As a DM, I have a similar issue. When I come up with a campaign, I typically have an end game in mind, and the vast majority of the scenarios I run are taking the group towards that end. I might have a few filler adventures now and then, but for the most part it's just full steam ahead. Once we get to that end, we're done. Could I come up with another campaign idea? Sure, but by then I'm probably wanting to play something other than D&D.
 

As a DM, I have a similar issue. When I come up with a campaign, I typically have an end game in mind, and the vast majority of the scenarios I run are taking the group towards that end. I might have a few filler adventures now and then, but for the most part it's just full steam ahead. Once we get to that end, we're done. Could I come up with another campaign idea? Sure, but by then I'm probably wanting to play something other than D&D.
You sound more organised than me, I'll often start a campaign with little to no idea as to where it will lead. The last one I ran (quite some time ago now) had events that would unfold that players could get into or ignore as they wished. First few adventures led into something that was more of a story arc with the big bad being some throwaway character that was there, in the background, then suddenly he ended up with a grand scheme to thwart.

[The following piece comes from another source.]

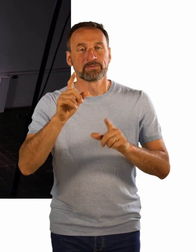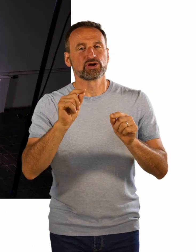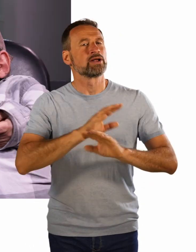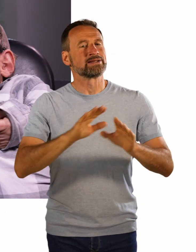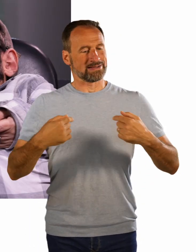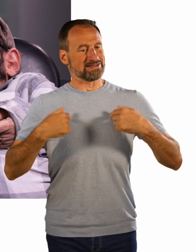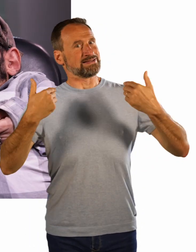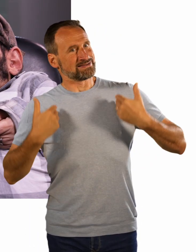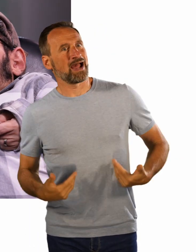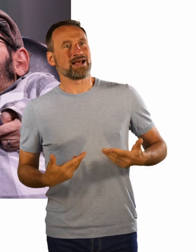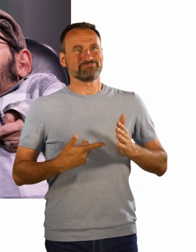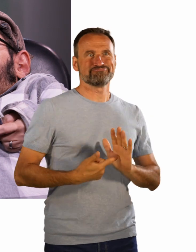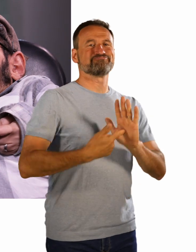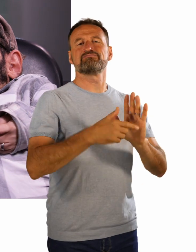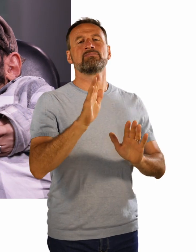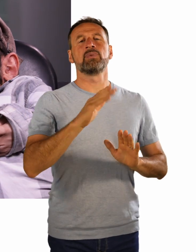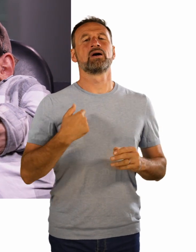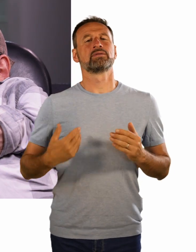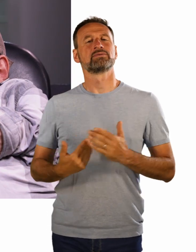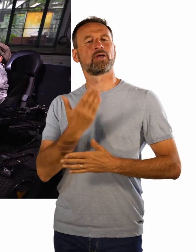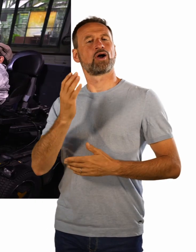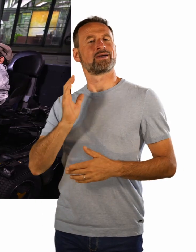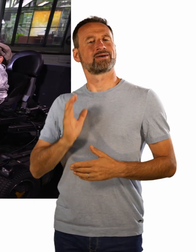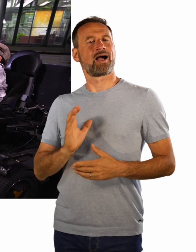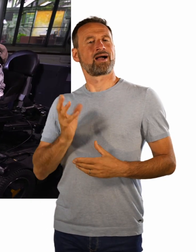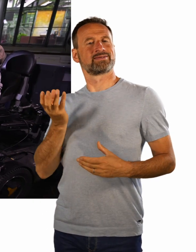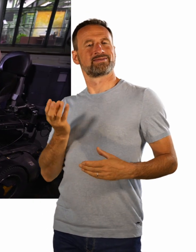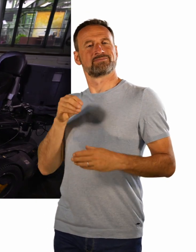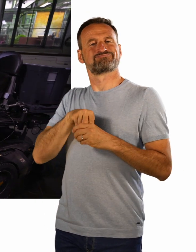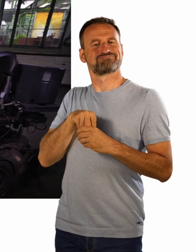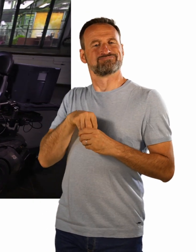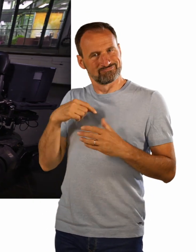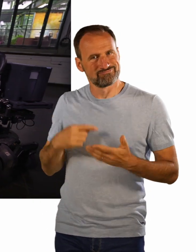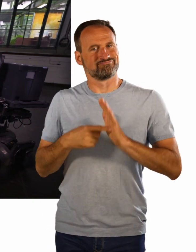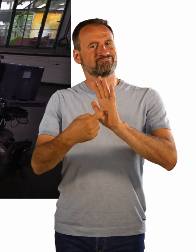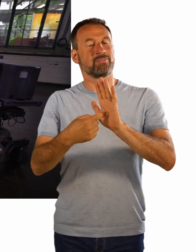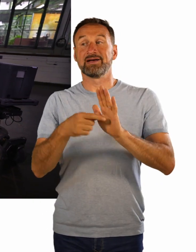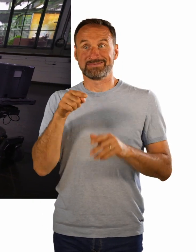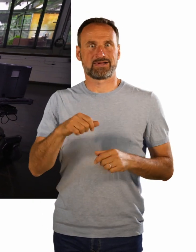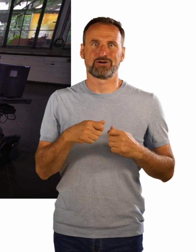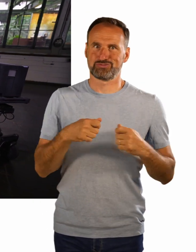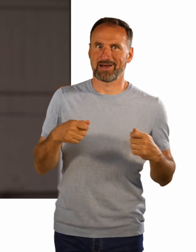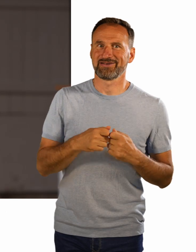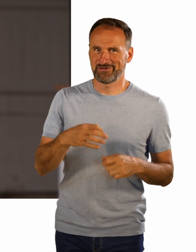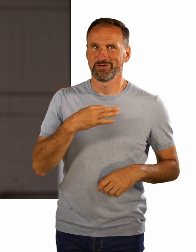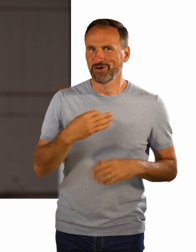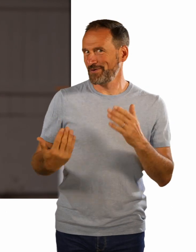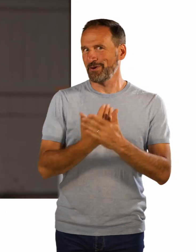als ein neuer Charakter sozusagen. Und das ist auch mal was ganz Spannendes und ganz Neues gewesen, weil man da halt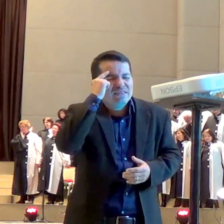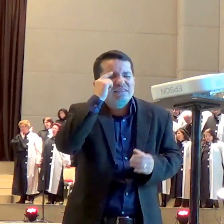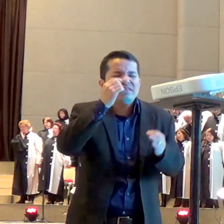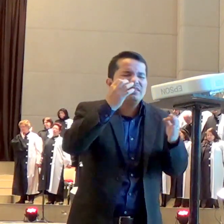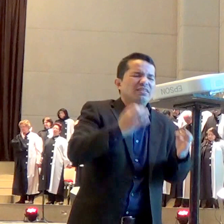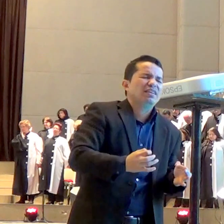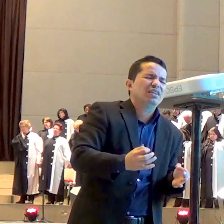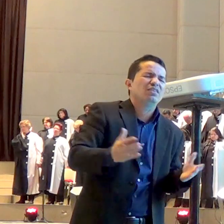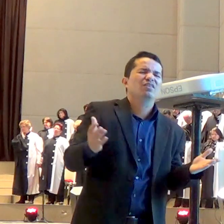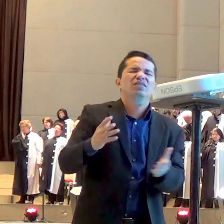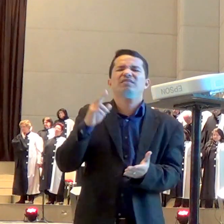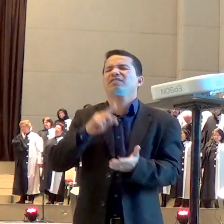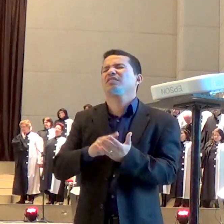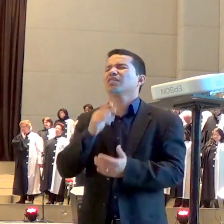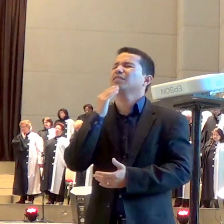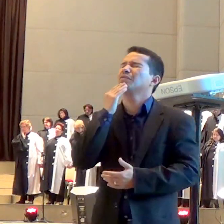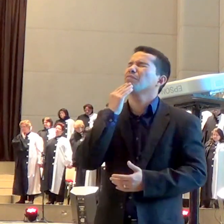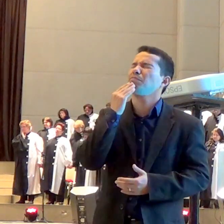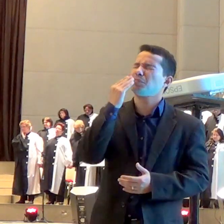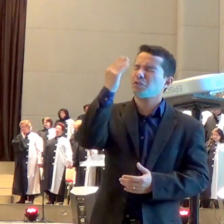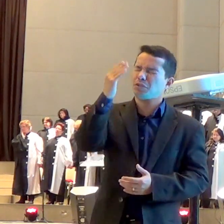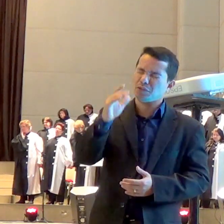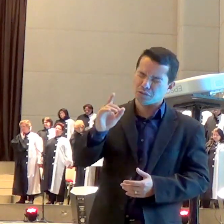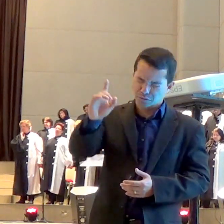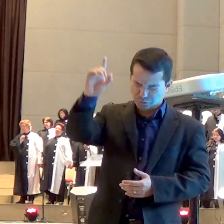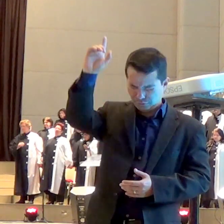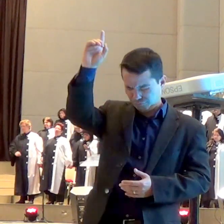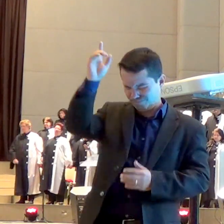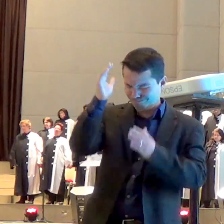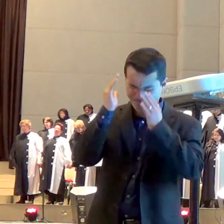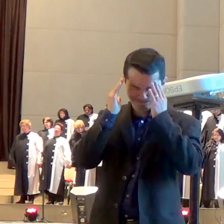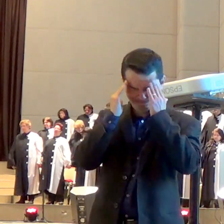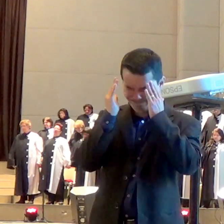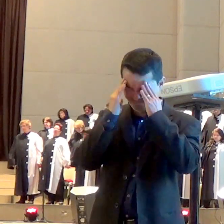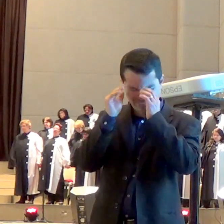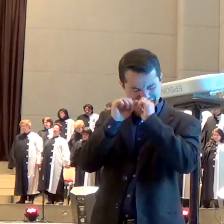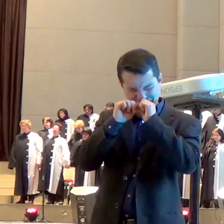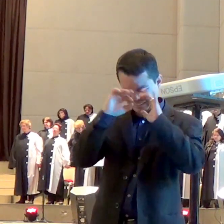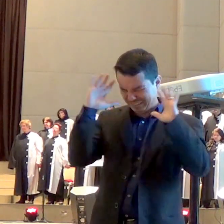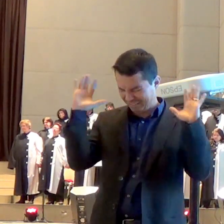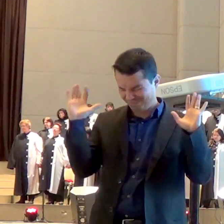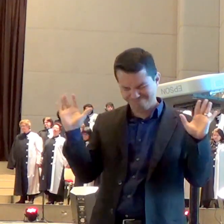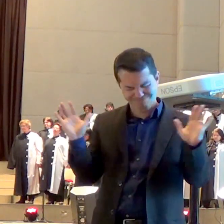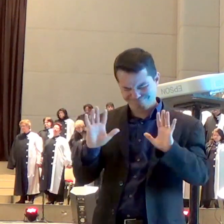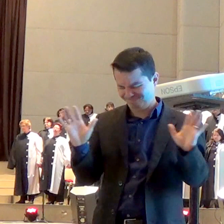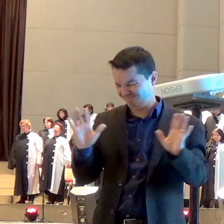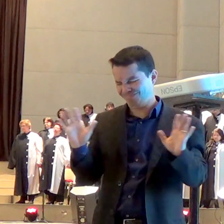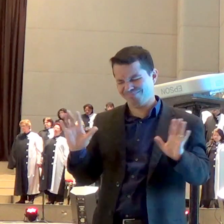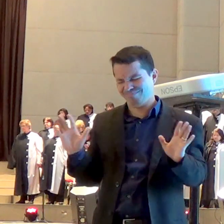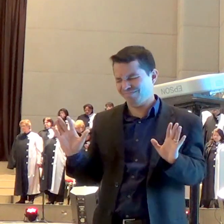pedimos sem entender completamente tudo que faz parte da tua grandeza

We did finish that arc and then stop playing, but it had more to do with life at the time, getting your gaming group together can sometimes be like herding cats. We were gonna play something on the anniversary of us getting together which got pushed out a week, then 3 then over a month. The reasons for not being able to play were fair, so no complaints there, but sort of lost interest in trying.
 

I'm not entirely sure what you're asking here. I guess the basic answer for me is good players who want to play the game, and are interested in the world at large.

How you answered was great; mainly, was curious to see if there were any factors beyond the game, that that you felt constructively helped with ensuring the different campaigns went on for as long as it did.